Menurut Brady (1990), gula, protein sederhana adalah bahan yang mudah terdekomposisi, sedangkan lignin yang akan lambat terdekomposisi. Secara urutan, kemudahan bahan yang untuk terdekomposisi adalah sebagai berikut:
1). Gula, zat pati, protein sederhana mudah terdekomposisi 2). Protein kasar 3). Hemiselulosa 4). Selulosa 5). Lemak 6). Lignin, lemak, waks, dll sangat lambat terdekomposisi
Kemudahan dekomposisi bahan organik berkaitan erat dengan nisbah kadar hara. Secara umum, makin rendah nisbah antara kadar C dan N di dalam bahan organik, akan semakin mudah dan cepat mengalami dekomposisi.
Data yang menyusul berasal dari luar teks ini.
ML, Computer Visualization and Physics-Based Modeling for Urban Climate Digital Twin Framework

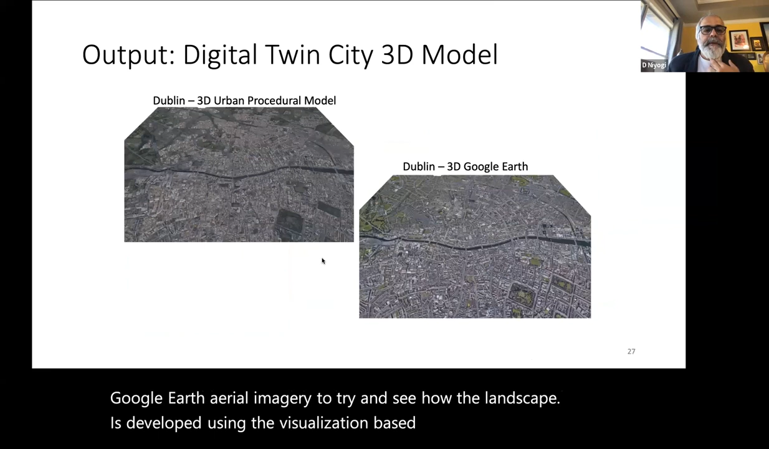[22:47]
here's an example of uh dublin for instance that you can see from the
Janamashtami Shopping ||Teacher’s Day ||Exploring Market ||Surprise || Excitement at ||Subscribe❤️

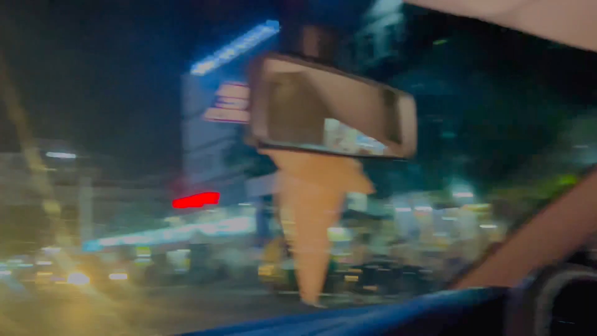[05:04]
ओके गाइस, अब देखते हैं पार्किंग मिल गई। वाओ मिल गई, अरे वाह यार, यस लगा दीजिए।
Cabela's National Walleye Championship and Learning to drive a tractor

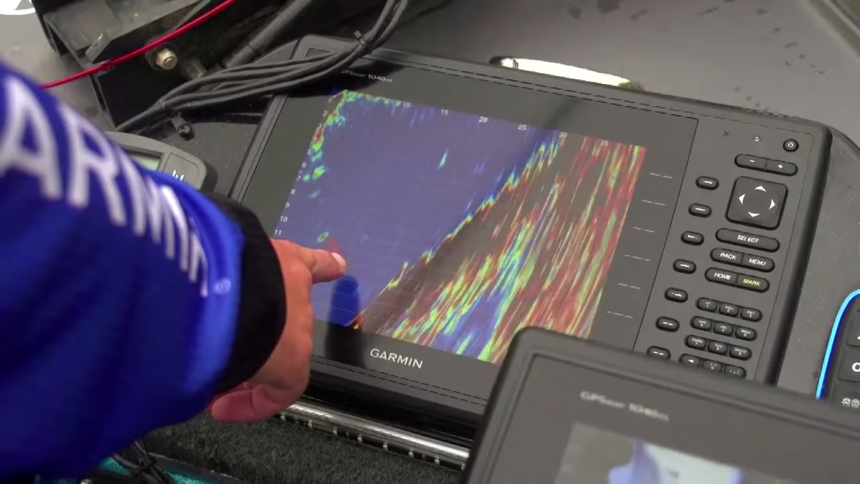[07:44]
figure out where they're feeding, what depth they're at, and really learn how they're reacting to your lures.
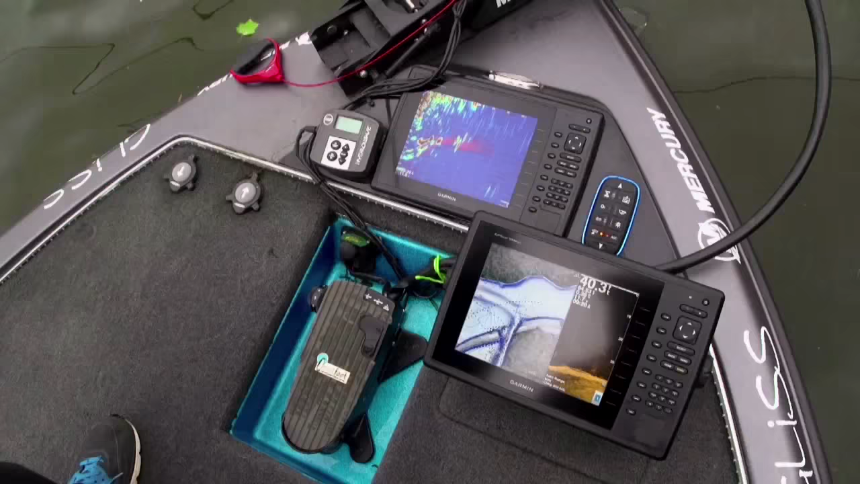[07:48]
To be able to see that kind of stuff and understand it and then interpret it, put it into your game, unbelievable.
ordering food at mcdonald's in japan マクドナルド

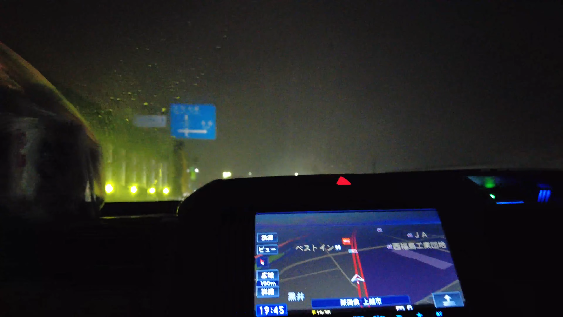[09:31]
Nagtatalo pa kami minsan kasi kung saan-saan kami dinadala. Ito naman yung dashboard.
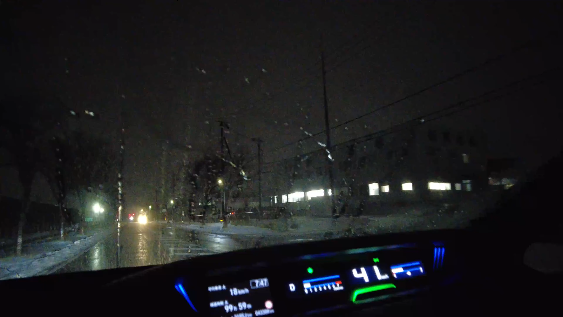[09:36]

Oleh karena itu, untuk mempercepat dekomposisi bahan organik yang memiliki nisbah C dan N tinggi sering ditambahkan pupuk nitrogen dan kapur untuk memperbaiki perbandingan kedua hara tersebut serta menciptakan kondisi lingkungan yang lebih baik bagi dekomposer     
  Penetapan C-Organik
Kandungan bahan organik pada masing-masing horizon merupakan petunjuk besarnya akumulasi bahan organik dalam keadaan lingkungan yang berbeda. Komponen bahan organik yang penting adalah C dan N. Kandungan bahan organik ditentukan secara tidak langsung yaitu dengan mengalikan kadar C dengan suatu faktor yang umumnya sebagai berikut: kandungan bahan organik = C x 1,724. Bila jumlah C organik dalam tanah dapat diketahui maka kandungan bahan organik tanah juga dapat dihitung. Kandungan bahan organik merupakan salah satu indicator tingkat kesuburan tanah.

DAFTAR PUSTAKA

Brady, N.C. 1990. The nature and properties of soils. 10th edition. 621 pp. Macmillan Publishing Co., New York, NY.

Hardjowigeno, sarwono. 2007. Ilmu tanah. Akademika pressindo. Jakarta

Kononova, M.M. 1961. Soil Organic Matter. Oxford: Pergamon Press. Lal, R. 1995.
Stevenson, 1994. Stevenson, F.J. 1994. Humus Chemistry: genesis, composition, reactions. 2nd ed. New York: Wiley. 496 p.